Il San Gennaro rossoblù si chiama Mario Faccenda. Nello stadio che Napoli ha voluto intitolare a Diego Armando Maradona, un suo gol permise di acciuffare per i capelli una salvezza ormai insperata: “Sono passati quarantadue anni, ma a me sembra ieri. Ho ricordi nitidissimi: il corner di Iachini, Russo che di testa allunga la traiettoria, io che sbuco sul secondo palo colpendo al volo di interno destro e mettendo la palla tra il montante ed il portiere. E certamente non ho dimenticato che il calcio d’angolo fu propiziato da un rinvio sbagliato di Castellini, il portiere del Napoli. La palla gli scivolò dalle mani e invece che in avanti finì così in calcio d’angolo. Quel gol fu molto chiacchierato, ma vi posso assicurare che fu di un grandissimo indice di difficoltà. Ancora adesso faccio fatica a capire come ho fatto a metterla proprio lì, trovando il pertugio giusto”.
Nella patria di San Gennaro non è il caso di farsi troppe domande. E comunque a spingere il pallone in rete c’era tutto lo stadio. La storia non indica chi fu il primo Masaniello a gridare “Genoa… Genoa”, fatto sta che il popolo lo seguì. Quel gol rese inutile la vittoria del Milan a Cesena. “La squadra rossonera, che era sotto di due gol, in soli dodici minuti si era portata sul 3 a 2 – ricorda Faccenda – La gente sugli spalti capì che stavano facendo una porcata e si schierò dalla nostra parte”.
Nacque così anche il gemellaggio tra i tifosi di Genoa e Napoli che è stato sciolto solo qualche anno fa, ma la grande amicizia tra le due tifoserie resta. “E dire – ricorda ancora Faccenda – che non avrei dovuto nemmeno giocare. Mi ero infortunato la domenica precedente a Marassi, proprio nello scontro diretto con il Milan che perdemmo in maniera rocambolesca dopo essere statiin vantaggio. A condannarci era stato un calcio di rigore provocato da Briaschi, che istintivamente aveva toccato la palla con una mano.

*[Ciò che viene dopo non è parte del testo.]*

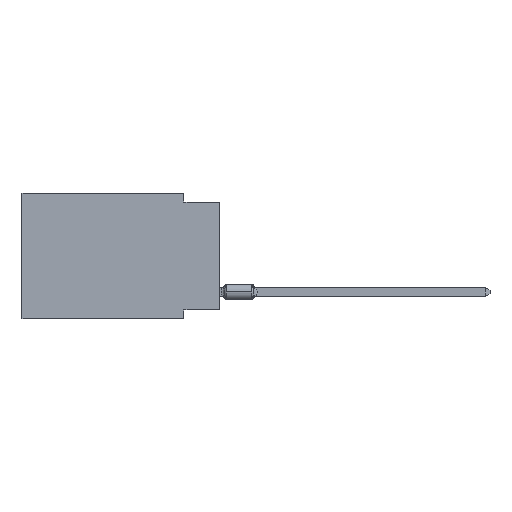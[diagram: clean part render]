
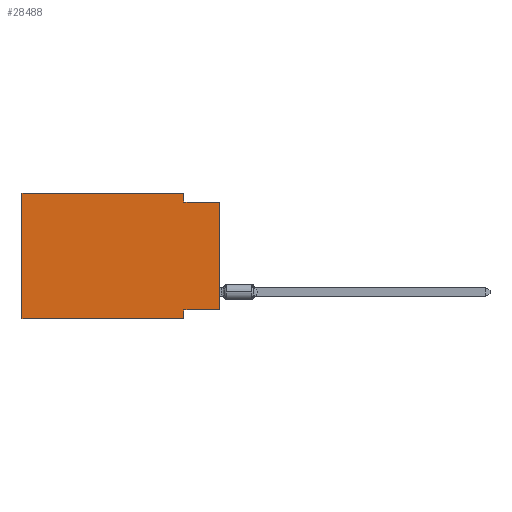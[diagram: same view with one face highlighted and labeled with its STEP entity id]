
A CAD part, left-side view. The second image highlights one B-rep face of the part: STEP entity #28488.
In plain terms, the highlighted planar face has unit normal (-1, 0, 0).
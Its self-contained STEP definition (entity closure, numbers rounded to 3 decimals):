
#531 = CARTESIAN_POINT ( 'NONE',  ( 0., 13.97, -8.89 ) ) ;
#658 = VERTEX_POINT ( 'NONE', #32655 ) ;
#820 = ORIENTED_EDGE ( 'NONE', *, *, #10368, .F. ) ;
#880 = VECTOR ( 'NONE', #20180, 1000. ) ;
#1613 = CARTESIAN_POINT ( 'NONE',  ( 0., 0., 0. ) ) ;
#2198 = VERTEX_POINT ( 'NONE', #21509 ) ;
#4674 = CARTESIAN_POINT ( 'NONE',  ( 0., 13.97, 0. ) ) ;
#4967 = LINE ( 'NONE', #17858, #24400 ) ;
#5347 = LINE ( 'NONE', #18244, #20130 ) ;
#5535 = ORIENTED_EDGE ( 'NONE', *, *, #17076, .F. ) ;
#5689 = DIRECTION ( 'NONE',  ( 1., 0., 0. ) ) ;
#6031 = VECTOR ( 'NONE', #26915, 1000. ) ;
#6098 = CARTESIAN_POINT ( 'NONE',  ( 0., 2.54, -8.255 ) ) ;
#6559 = ORIENTED_EDGE ( 'NONE', *, *, #25995, .F. ) ;
#6723 = CARTESIAN_POINT ( 'NONE',  ( 0., 0., -0.635 ) ) ;
#10368 = EDGE_CURVE ( 'NONE', #658, #27930, #5347, .T. ) ;
#10416 = DIRECTION ( 'NONE',  ( 0., 0., -1. ) ) ;
#10451 = VECTOR ( 'NONE', #22874, 1000. ) ;
#10746 = FACE_OUTER_BOUND ( 'NONE', #28855, .T. ) ;
#11766 = EDGE_CURVE ( 'NONE', #32363, #15346, #27311, .T. ) ;
#11863 = VECTOR ( 'NONE', #14673, 1000. ) ;
#12502 = VECTOR ( 'NONE', #27475, 1000. ) ;
#12551 = CARTESIAN_POINT ( 'NONE',  ( 0., 2.54, 0. ) ) ;
#12972 = DIRECTION ( 'NONE',  ( 0., -1., 0. ) ) ;
#13196 = EDGE_CURVE ( 'NONE', #28118, #658, #33986, .T. ) ;
#13225 = ORIENTED_EDGE ( 'NONE', *, *, #25057, .T. ) ;
#14534 = ORIENTED_EDGE ( 'NONE', *, *, #32403, .T. ) ;
#14673 = DIRECTION ( 'NONE',  ( 0., 0., -1. ) ) ;
#15346 = VERTEX_POINT ( 'NONE', #29422 ) ;
#16103 = CARTESIAN_POINT ( 'NONE',  ( 0., 0., -8.255 ) ) ;
#16294 = ORIENTED_EDGE ( 'NONE', *, *, #13196, .F. ) ;
#16765 = VERTEX_POINT ( 'NONE', #6723 ) ;
#16823 = CARTESIAN_POINT ( 'NONE',  ( 0., 2.54, -8.89 ) ) ;
#17076 = EDGE_CURVE ( 'NONE', #27930, #2198, #17636, .T. ) ;
#17636 = LINE ( 'NONE', #28299, #11863 ) ;
#17858 = CARTESIAN_POINT ( 'NONE',  ( 0., 0., -0.635 ) ) ;
#18244 = CARTESIAN_POINT ( 'NONE',  ( 0., 13.97, 0. ) ) ;
#19899 = LINE ( 'NONE', #1613, #10451 ) ;
#20130 = VECTOR ( 'NONE', #28740, 1000. ) ;
#20180 = DIRECTION ( 'NONE',  ( 0., 0., 1. ) ) ;
#20251 = VERTEX_POINT ( 'NONE', #30741 ) ;
#20903 = ORIENTED_EDGE ( 'NONE', *, *, #26019, .F. ) ;
#21383 = CARTESIAN_POINT ( 'NONE',  ( 0., 13.97, 0. ) ) ;
#21505 = LINE ( 'NONE', #16103, #6031 ) ;
#21509 = CARTESIAN_POINT ( 'NONE',  ( 0., 2.54, -0.635 ) ) ;
#21760 = CARTESIAN_POINT ( 'NONE',  ( 0., 13.97, -8.89 ) ) ;
#22874 = DIRECTION ( 'NONE',  ( 0., 0., 1. ) ) ;
#24400 = VECTOR ( 'NONE', #12972, 1000. ) ;
#24410 = LINE ( 'NONE', #531, #27099 ) ;
#25057 = EDGE_CURVE ( 'NONE', #20251, #16765, #19899, .T. ) ;
#25995 = EDGE_CURVE ( 'NONE', #2198, #16765, #4967, .T. ) ;
#26019 = EDGE_CURVE ( 'NONE', #20251, #32363, #21505, .T. ) ;
#26915 = DIRECTION ( 'NONE',  ( 0., 1., 0. ) ) ;
#27099 = VECTOR ( 'NONE', #27722, 1000. ) ;
#27311 = LINE ( 'NONE', #16823, #12502 ) ;
#27475 = DIRECTION ( 'NONE',  ( 0., 0., -1. ) ) ;
#27722 = DIRECTION ( 'NONE',  ( 0., -1., 0. ) ) ;
#27794 = AXIS2_PLACEMENT_3D ( 'NONE', #21383, #5689, #10416 ) ;
#27930 = VERTEX_POINT ( 'NONE', #12551 ) ;
#28118 = VERTEX_POINT ( 'NONE', #21760 ) ;
#28299 = CARTESIAN_POINT ( 'NONE',  ( 0., 2.54, 0. ) ) ;
#28488 = ADVANCED_FACE ( 'NONE', ( #10746 ), #31715, .F. ) ;
#28740 = DIRECTION ( 'NONE',  ( 0., -1., 0. ) ) ;
#28855 = EDGE_LOOP ( 'NONE', ( #13225, #6559, #5535, #820, #16294, #14534, #32667, #20903 ) ) ;
#29422 = CARTESIAN_POINT ( 'NONE',  ( 0., 2.54, -8.89 ) ) ;
#30741 = CARTESIAN_POINT ( 'NONE',  ( 0., 0., -8.255 ) ) ;
#31715 = PLANE ( 'NONE',  #27794 ) ;
#32363 = VERTEX_POINT ( 'NONE', #6098 ) ;
#32403 = EDGE_CURVE ( 'NONE', #28118, #15346, #24410, .T. ) ;
#32655 = CARTESIAN_POINT ( 'NONE',  ( 0., 13.97, 0. ) ) ;
#32667 = ORIENTED_EDGE ( 'NONE', *, *, #11766, .F. ) ;
#33986 = LINE ( 'NONE', #4674, #880 ) ;
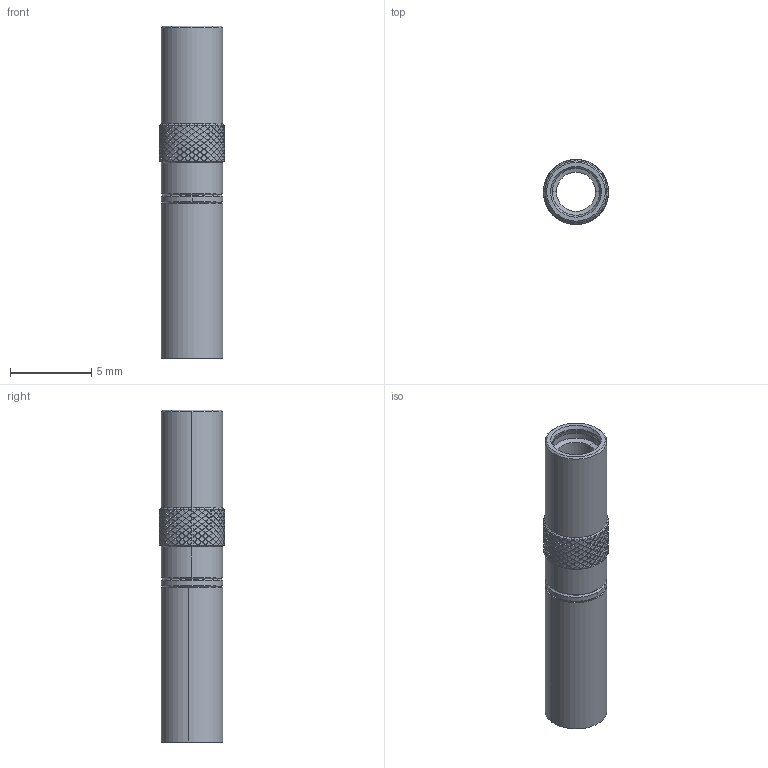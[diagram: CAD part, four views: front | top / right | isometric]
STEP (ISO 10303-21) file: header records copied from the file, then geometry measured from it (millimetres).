
FILE_DESCRIPTION (( 'STEP AP214' ), '1' );
FILE_NAME ('47-054-D3-AD.STEP', '2024-04-04T11:19:16', ( '' ), ( '' ), 'SwSTEP 2.0', 'SolidWorks 2023', '' );
FILE_SCHEMA (( 'AUTOMOTIVE_DESIGN' ));
Products named in the file (1): 47-054-D3-AD
Bounding box: 4 x 4 x 20.4 mm (x, y, z)
Surface area: 389.6 mm2 (no closed solid volume)
Topology: 0 solids, 3 shells, 1768 faces, 3669 edges, 1897 vertices
Faces by surface type: bspline 1392, cylinder 354, cone 18, plane 4
Entity records: 82311 total; most frequent: CARTESIAN_POINT 61219, ORIENTED_EDGE 7306, EDGE_CURVE 3669, VERTEX_POINT 1897, EDGE_LOOP 1772, FACE_OUTER_BOUND 1768, ADVANCED_FACE 1768, DIRECTION 997

Mi ero fratturato la testa del perone, ma me ne accorsi solo cinque anni dopo. Avevo male e così Simoni mi lasciò in panchina. Entrai soltanto a dieci minuti dalla fine al posto di Gorin, sei minuti dopo segnai il gol che è entrato nella storia del Genoa”.
Quando il pullman della squadra rientrò a Genova dall’aeroporto di Linate trovò 10 mila tifosi ad aspettarlo. La polizia consigliò per motivi di ordine pubblico un itinerario alternativo, ma il presidente Fossati sbottò: “Belin, non ci penso nemmeno. Sono anni che mi contestano e per una volta che ci vogliono applaudire non ci presentiamo?”.
Faccenda, che era il sosia di Rino Gaetano, era stato portato al Genoa da Rino Bondioli, genovese e genoano che si era trasferito a Latina e segnalava i giovani più promettenti della zona. Tra gli altri, Simonetta, Policano e Perin, oltre naturalmente a Faccenda. Simoni lo utilizzava in tutti i ruoli: mediano, difensore, libero, tornante. Appese le scarpe, si è specializzato in scouting, lavorando tanti anni insieme a Beppe Corti, un altro ex rossoblù di quegli anni.